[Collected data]
━━━━━━

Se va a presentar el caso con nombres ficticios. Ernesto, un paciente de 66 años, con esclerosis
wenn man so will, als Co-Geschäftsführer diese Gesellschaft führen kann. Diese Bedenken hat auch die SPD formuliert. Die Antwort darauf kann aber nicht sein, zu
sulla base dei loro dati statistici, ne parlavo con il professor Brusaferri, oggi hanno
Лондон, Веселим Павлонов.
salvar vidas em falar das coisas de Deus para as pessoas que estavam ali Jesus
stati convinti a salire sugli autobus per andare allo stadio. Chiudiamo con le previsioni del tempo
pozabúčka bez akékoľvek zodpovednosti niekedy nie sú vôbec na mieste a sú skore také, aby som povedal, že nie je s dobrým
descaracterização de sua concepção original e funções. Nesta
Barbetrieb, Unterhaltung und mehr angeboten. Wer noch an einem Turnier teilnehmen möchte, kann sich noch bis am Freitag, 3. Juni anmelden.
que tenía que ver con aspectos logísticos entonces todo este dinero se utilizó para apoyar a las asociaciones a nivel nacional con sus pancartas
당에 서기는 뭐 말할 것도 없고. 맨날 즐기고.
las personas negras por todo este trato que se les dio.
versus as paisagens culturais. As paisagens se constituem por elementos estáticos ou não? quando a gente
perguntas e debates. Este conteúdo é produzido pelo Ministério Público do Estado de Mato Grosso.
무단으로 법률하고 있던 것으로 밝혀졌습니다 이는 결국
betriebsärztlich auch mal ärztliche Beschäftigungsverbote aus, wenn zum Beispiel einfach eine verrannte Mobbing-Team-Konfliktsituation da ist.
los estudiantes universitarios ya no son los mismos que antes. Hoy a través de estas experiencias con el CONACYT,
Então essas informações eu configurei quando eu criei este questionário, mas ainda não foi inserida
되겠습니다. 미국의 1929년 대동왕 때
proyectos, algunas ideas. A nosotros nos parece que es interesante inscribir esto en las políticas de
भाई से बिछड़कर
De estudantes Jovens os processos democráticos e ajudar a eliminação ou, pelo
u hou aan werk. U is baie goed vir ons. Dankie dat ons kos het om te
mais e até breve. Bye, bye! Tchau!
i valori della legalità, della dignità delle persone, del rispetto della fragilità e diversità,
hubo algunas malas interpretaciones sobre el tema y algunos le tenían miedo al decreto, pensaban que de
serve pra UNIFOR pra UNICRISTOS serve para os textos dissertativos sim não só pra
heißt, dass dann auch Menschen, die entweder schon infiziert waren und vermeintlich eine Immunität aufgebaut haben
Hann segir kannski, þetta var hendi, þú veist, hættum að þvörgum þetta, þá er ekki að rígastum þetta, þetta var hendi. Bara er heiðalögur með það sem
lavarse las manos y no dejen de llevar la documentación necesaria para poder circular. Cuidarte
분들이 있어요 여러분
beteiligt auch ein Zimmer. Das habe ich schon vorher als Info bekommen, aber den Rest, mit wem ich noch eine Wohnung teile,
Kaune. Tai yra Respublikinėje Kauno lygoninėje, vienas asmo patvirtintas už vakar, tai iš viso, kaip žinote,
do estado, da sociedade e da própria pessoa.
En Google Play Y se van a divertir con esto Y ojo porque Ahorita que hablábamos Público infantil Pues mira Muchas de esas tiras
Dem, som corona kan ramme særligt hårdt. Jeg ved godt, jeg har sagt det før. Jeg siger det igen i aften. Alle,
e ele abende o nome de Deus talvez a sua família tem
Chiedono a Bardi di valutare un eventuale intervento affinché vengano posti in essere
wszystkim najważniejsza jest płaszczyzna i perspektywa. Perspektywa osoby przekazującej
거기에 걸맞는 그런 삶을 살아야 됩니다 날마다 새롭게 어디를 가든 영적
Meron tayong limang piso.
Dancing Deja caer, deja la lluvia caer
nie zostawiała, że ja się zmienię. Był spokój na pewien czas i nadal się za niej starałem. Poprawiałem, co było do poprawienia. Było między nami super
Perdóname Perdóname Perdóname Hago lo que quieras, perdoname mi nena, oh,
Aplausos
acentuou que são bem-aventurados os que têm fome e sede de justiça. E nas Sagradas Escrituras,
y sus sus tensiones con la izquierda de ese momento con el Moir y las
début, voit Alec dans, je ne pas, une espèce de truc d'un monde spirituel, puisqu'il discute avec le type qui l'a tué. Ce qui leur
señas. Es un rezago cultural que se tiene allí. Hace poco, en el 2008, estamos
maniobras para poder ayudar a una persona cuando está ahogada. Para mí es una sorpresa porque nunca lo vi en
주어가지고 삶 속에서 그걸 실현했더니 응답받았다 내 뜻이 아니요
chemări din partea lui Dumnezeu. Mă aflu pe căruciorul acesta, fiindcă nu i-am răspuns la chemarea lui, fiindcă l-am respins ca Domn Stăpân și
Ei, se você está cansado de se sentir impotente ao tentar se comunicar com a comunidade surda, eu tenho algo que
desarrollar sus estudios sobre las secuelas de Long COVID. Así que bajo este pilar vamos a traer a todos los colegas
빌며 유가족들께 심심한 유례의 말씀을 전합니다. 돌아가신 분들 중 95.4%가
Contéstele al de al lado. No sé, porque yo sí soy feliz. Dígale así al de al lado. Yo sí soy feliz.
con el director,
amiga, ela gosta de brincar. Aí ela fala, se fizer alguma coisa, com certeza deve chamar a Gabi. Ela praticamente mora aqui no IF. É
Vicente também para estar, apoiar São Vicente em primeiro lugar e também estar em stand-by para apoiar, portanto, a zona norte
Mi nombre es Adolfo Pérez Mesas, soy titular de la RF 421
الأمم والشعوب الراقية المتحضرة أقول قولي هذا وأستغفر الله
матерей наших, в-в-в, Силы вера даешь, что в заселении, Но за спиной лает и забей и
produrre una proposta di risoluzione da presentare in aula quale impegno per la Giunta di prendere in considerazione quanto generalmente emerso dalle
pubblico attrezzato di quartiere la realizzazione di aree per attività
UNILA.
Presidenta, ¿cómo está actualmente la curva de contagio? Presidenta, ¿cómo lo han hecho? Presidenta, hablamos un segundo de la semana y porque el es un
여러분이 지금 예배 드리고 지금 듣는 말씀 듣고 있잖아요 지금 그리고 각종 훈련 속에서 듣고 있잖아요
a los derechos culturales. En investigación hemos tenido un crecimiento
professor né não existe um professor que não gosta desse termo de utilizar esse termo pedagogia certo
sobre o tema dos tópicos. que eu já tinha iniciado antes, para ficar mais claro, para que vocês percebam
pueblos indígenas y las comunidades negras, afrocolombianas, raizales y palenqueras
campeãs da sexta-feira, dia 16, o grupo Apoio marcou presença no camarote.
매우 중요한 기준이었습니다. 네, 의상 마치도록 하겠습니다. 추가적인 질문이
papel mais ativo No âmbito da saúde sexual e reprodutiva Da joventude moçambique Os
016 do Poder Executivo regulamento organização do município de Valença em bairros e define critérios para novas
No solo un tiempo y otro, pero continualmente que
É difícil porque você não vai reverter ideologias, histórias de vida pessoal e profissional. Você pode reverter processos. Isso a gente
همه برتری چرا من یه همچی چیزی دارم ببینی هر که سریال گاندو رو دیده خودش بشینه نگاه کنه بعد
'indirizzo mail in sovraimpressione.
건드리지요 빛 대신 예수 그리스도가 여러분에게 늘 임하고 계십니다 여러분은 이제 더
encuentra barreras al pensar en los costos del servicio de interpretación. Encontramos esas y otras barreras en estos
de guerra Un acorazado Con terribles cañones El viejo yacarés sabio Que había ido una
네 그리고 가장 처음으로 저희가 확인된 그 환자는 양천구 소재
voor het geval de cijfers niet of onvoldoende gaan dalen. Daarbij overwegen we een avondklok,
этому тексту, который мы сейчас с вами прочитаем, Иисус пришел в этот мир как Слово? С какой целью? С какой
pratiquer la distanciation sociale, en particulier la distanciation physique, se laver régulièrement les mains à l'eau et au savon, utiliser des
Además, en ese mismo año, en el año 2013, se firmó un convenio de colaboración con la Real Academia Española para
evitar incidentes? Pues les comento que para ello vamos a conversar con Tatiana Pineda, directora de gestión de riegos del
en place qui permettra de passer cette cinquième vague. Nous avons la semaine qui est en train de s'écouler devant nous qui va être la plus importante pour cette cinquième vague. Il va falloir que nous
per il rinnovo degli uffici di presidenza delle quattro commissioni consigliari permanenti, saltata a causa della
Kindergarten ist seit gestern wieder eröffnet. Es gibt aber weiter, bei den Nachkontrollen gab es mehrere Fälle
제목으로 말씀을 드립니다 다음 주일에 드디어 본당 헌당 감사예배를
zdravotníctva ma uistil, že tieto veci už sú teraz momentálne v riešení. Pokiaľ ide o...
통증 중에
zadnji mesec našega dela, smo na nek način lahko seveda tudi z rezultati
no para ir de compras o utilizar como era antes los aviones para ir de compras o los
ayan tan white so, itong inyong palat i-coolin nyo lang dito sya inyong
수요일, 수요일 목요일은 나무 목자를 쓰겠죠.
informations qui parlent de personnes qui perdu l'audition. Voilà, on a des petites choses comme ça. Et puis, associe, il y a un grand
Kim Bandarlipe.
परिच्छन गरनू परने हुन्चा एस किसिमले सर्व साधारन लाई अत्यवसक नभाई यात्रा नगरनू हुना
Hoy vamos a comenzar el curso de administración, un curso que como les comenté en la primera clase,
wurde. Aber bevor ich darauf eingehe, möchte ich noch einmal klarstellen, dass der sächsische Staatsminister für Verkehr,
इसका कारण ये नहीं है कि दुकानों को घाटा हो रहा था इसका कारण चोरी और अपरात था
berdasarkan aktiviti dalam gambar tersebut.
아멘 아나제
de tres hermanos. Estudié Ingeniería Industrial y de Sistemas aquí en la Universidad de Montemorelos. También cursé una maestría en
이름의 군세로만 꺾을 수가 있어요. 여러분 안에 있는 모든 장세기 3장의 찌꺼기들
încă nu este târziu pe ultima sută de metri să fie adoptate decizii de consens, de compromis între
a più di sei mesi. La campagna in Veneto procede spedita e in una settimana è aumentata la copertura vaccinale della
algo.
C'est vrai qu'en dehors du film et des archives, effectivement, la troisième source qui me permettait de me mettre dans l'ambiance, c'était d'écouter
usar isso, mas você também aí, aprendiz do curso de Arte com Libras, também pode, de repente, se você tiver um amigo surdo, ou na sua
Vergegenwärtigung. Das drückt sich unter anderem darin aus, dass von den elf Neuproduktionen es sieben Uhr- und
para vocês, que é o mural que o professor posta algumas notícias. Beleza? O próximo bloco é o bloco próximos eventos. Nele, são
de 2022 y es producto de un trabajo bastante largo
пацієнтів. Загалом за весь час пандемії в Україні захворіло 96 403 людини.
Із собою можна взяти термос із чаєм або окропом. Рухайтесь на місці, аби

━━━━━━

## Problem statement:
Find every line in the records above that holds the word "noch", and copy each one.

## Exercise answer:
Barbetrieb, Unterhaltung und mehr angeboten. Wer noch an einem Turnier teilnehmen möchte, kann sich noch bis am Freitag, 3. Juni anmelden.
beteiligt auch ein Zimmer. Das habe ich schon vorher als Info bekommen, aber den Rest, mit wem ich noch eine Wohnung teile,
wurde. Aber bevor ich darauf eingehe, möchte ich noch einmal klarstellen, dass der sächsische Staatsminister für Verkehr,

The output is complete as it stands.